> Aim of the task: There is one span to output from the data below: the lines starting at the line with "main class: Cropland" and ending at the line with "longitude: 16.4250". Output it exactly, ends included, nothing more.

(Input material begins)

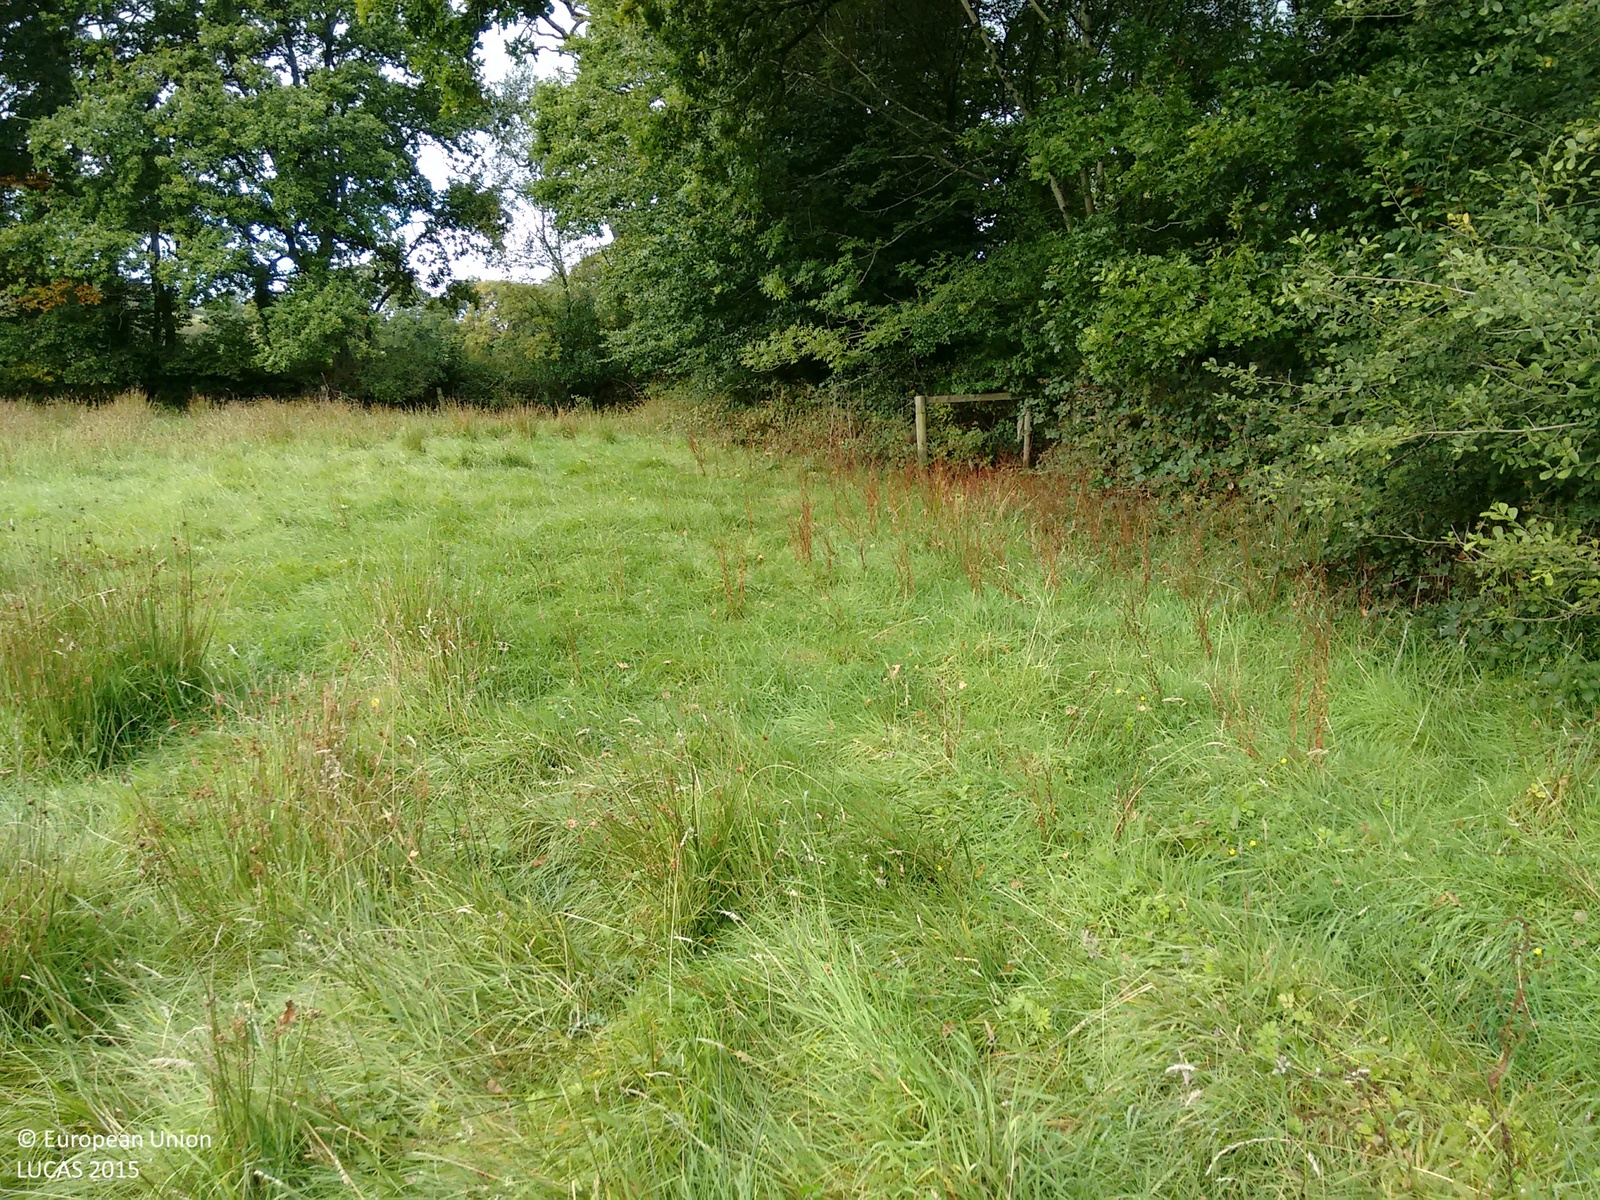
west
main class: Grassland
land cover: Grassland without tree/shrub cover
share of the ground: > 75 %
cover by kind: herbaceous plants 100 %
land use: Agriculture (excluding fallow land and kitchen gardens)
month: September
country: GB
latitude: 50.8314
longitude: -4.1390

(Input material ends)
(Input material begins)

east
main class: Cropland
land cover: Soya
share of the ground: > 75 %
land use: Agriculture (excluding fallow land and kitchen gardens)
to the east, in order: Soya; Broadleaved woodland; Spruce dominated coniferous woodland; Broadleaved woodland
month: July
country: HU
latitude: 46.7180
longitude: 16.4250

(Input material ends)

> Written response:
main class: Cropland
land cover: Soya
share of the ground: > 75 %
land use: Agriculture (excluding fallow land and kitchen gardens)
to the east, in order: Soya; Broadleaved woodland; Spruce dominated coniferous woodland; Broadleaved woodland
month: July
country: HU
latitude: 46.7180
longitude: 16.4250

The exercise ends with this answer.